──────── EXERCISE MATERIAL ────────
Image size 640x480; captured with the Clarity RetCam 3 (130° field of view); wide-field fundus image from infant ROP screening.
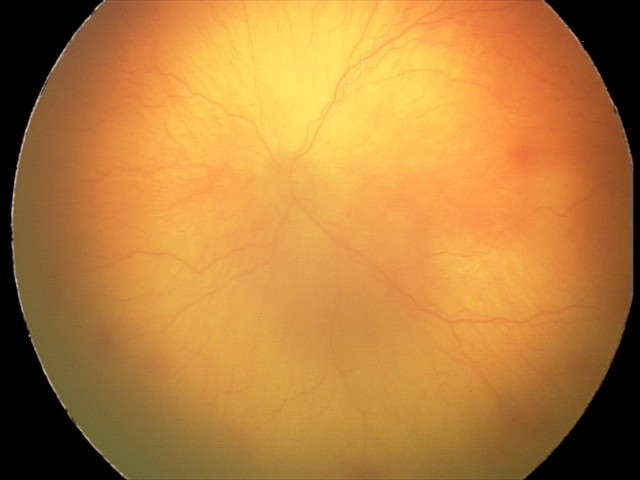
Examination diagnosed as aggressive retinopathy of prematurity.
Plus disease present.
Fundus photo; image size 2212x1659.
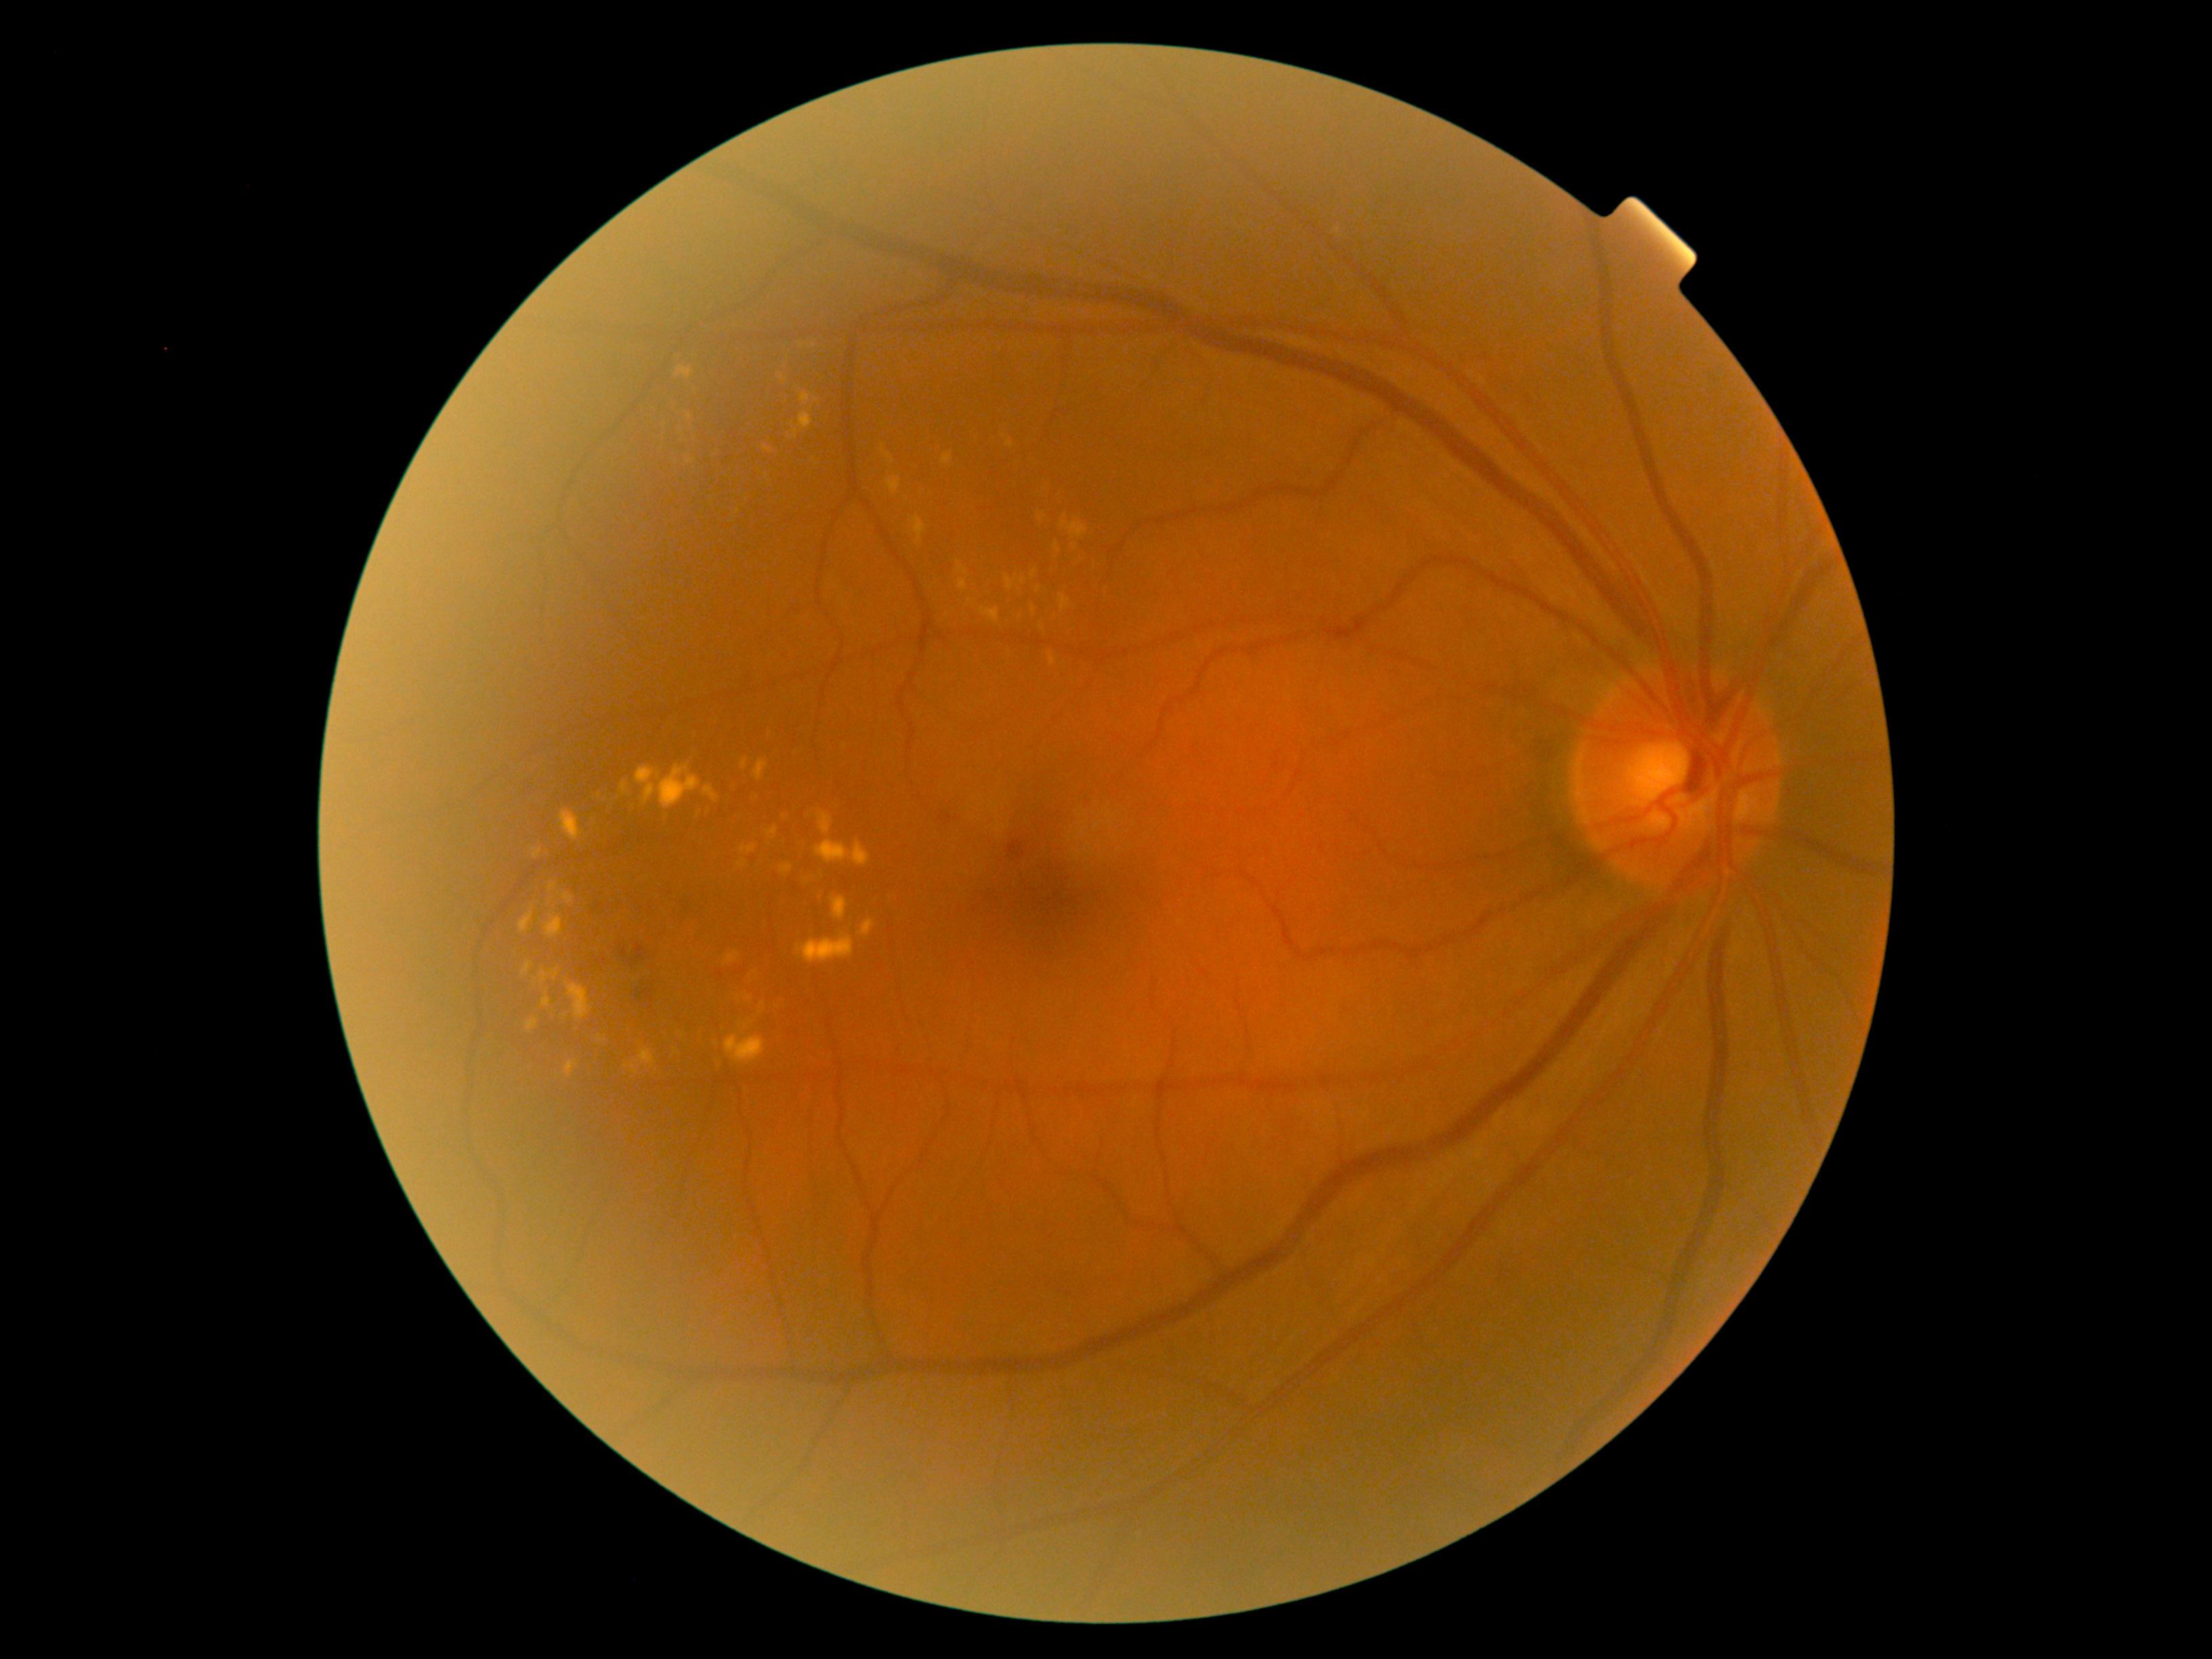

<lesions partial="true">
  <dr_grade>2</dr_grade>
  <ex partial="true">(left=746, top=792, right=757, bottom=803), (left=527, top=1020, right=539, bottom=1031), (left=800, top=392, right=813, bottom=405), (left=677, top=367, right=695, bottom=380), (left=712, top=1055, right=727, bottom=1078), (left=560, top=810, right=582, bottom=841), (left=1048, top=653, right=1057, bottom=666), (left=739, top=1023, right=747, bottom=1031), (left=1055, top=544, right=1061, bottom=552), (left=981, top=607, right=1000, bottom=623), (left=687, top=460, right=696, bottom=466), (left=798, top=933, right=855, bottom=964), (left=703, top=785, right=719, bottom=802), (left=565, top=1061, right=578, bottom=1076), (left=762, top=445, right=773, bottom=453)</ex>
  <ex_small>[1074, 546], [801, 346], [659, 776], [1039, 589], [716, 1044]</ex_small>
</lesions>
────────
All of the records above should be written out exactly, with the pictures left out.

RESPONSE TO THIS TASK —
Image size 640x480; captured with the Clarity RetCam 3 (130° field of view); wide-field fundus image from infant ROP screening.
Examination diagnosed as aggressive retinopathy of prematurity.
Plus disease present.
Fundus photo; image size 2212x1659.

<lesions partial="true">
  <dr_grade>2</dr_grade>
  <ex partial="true">(left=746, top=792, right=757, bottom=803), (left=527, top=1020, right=539, bottom=1031), (left=800, top=392, right=813, bottom=405), (left=677, top=367, right=695, bottom=380), (left=712, top=1055, right=727, bottom=1078), (left=560, top=810, right=582, bottom=841), (left=1048, top=653, right=1057, bottom=666), (left=739, top=1023, right=747, bottom=1031), (left=1055, top=544, right=1061, bottom=552), (left=981, top=607, right=1000, bottom=623), (left=687, top=460, right=696, bottom=466), (left=798, top=933, right=855, bottom=964), (left=703, top=785, right=719, bottom=802), (left=565, top=1061, right=578, bottom=1076), (left=762, top=445, right=773, bottom=453)</ex>
  <ex_small>[1074, 546], [801, 346], [659, 776], [1039, 589], [716, 1044]</ex_small>
</lesions>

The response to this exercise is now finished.